Nurse consultant Maria Noblet, who is past chair of the RCN cancer and breast care forum – one of the groups involved in developing the framework, says it is ‘important’ they all take notice.

‘What is in there is what senior nurses have been saying for some time,’ she says.

She believes the framework fills the ‘chasm’ that existed in terms of clearly defining how cancer nursing should look.

‘Years ago the RCN produced a framework that merged education and management of cancer nurses. But that is well out of date now so it really was time to do something.’

Already there are encouraging signs it will have an effect. Health Education England has confirmed it will be ‘looking’ at the framework as part of its review into the cancer workforce.

UKONS president Richard Henry says this is pleasing, but he wants more. ‘We needed something like this. The cancer workforce is changing and what we need to do now as a profession is go to the national bodies and governments across the UK and use this to help us make the case for investment in the cancer workforce.’

What skills and knowledge specialist nurses require

Registered, senior, advanced and consultant-level

  • Able to explain causes of cancer to patients and families.
  • Assess side effects of treatment.
  • Demonstrate knowledge about safe administration of cancer treatments and nursing interventions.
  • Work in partnership with a patient to manage symptoms and consequences of treatment.
  • Provide personalised care plans.
  • Assess whether and to what extent patients and their families will be able to self-manage their condition during rehabilitation.

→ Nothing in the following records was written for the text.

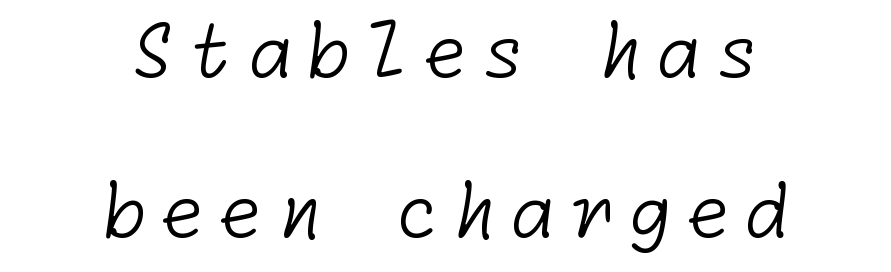
Q: Is the text bold? A: No.
Q: Is the typeface a serif or a sans-serif typeface? A: Sans-serif.
Q: Is the text underlined? A: No.
Q: How is the paragraph aligned? A: Centered.
Q: Is the spacing between lines tight, normal or loose? A: Loose.
Q: Width (condensed, normal, or wide)? A: Normal.
Q: Stroke contrast? A: Low.
Q: x-height? A: Medium.

Senior, advanced and consultant

  • Demonstrate a range of advanced communication skills to promote the well-being of patients, including the ability to counsel and challenge behaviour.
  • Provide leadership in the implementation and evaluation of cancer quality standards.
  • Actively promote the learning of others.
  • Demonstrate the ability to plan, allocate, coordinate and evaluate the use of resources when dealing with patients and their families.
  • Able to participate in clinical trials as part of a multiprofessional team and support junior colleagues in this role.

Advanced and consultant

  • Play a part in the development and delivery of cancer education.
  • Use specialist knowledge to contribute to the development of evidence-based policies and procedures.

Consultant only

  • Inform strategic direction and lead changes to cancer services.
  • Use knowledge of the research and audit process to develop and lead project.